That was the democrat's plan all along.

Pay people more to not work and then get them hooked on it, so they have a pool of voters come election day.

Sorry NotSorry
Mon, 07/20/2020 - 2:46pm

The Michigan UIA and employers that need employees are lazy. If there's work available, you're supposed to take a job. Clearly, the employers and UIA are not following up on this. It's not rocket science.

Sorry NotSorry
Mon, 07/20/2020 - 2:48pm

It was not a democrat's plan. It was the GOP who decided it was a good idea to pay the unemployed WAY more than the usual amount they should have collected.

Peter
Thu, 06/18/2020 - 3:00pm

Problem: It’s hard to find workers when they can make more doing something else.

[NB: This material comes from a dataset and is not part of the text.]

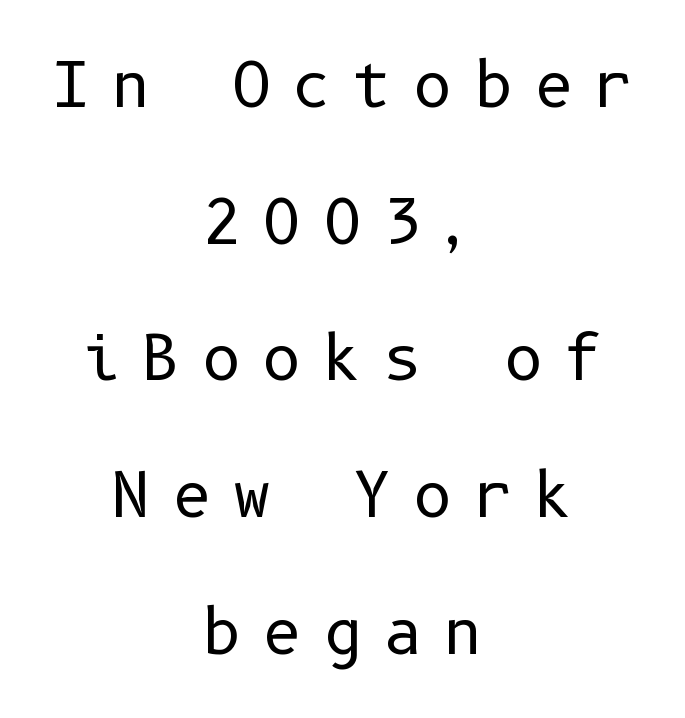
The image shows 61 px regular-weight sans-serif type, upright; set centered, loose line spacing (2.24x), unusually wide letter spacing (+0.34 em), not underlined; low stroke contrast and a medium x-height.

It really seems like there is an obvious solution here.

WestSide
Thu, 06/18/2020 - 4:28pm

Let's not feel too sorry for employers who don't pay a liveable wage with benefits. How else can working families negotiate in an economy designed to push profits to those at the top while the rest of us struggle to get by. Michigan workers really haven't seen meaningful wage growth in decades, and we're treated to this predictable reporting by Gardner, sympathetic to the chamber of commerce, but no so much with Michigan workers.

Rick
Fri, 06/19/2020 - 12:43pm

Yes, Paula always had the side of business when she wrote for the AANews. I saw her by-line on this and the title gave it all away. Sad that the Bridge had to allow her to continue this kind of slanted stuff. What's next? A story about the success of Amway and how much it's done for its 'distributors'?

Rob Pollard
Fri, 06/19/2020 - 5:11pm

I'm not as negative on Paula as you are, but I see your point. Bridge (which I donated to) is starting to become Detroit News-esque and that's not what I'm paying for. If Nolan Finley or Ingrid Jacques make their way over, I'm out.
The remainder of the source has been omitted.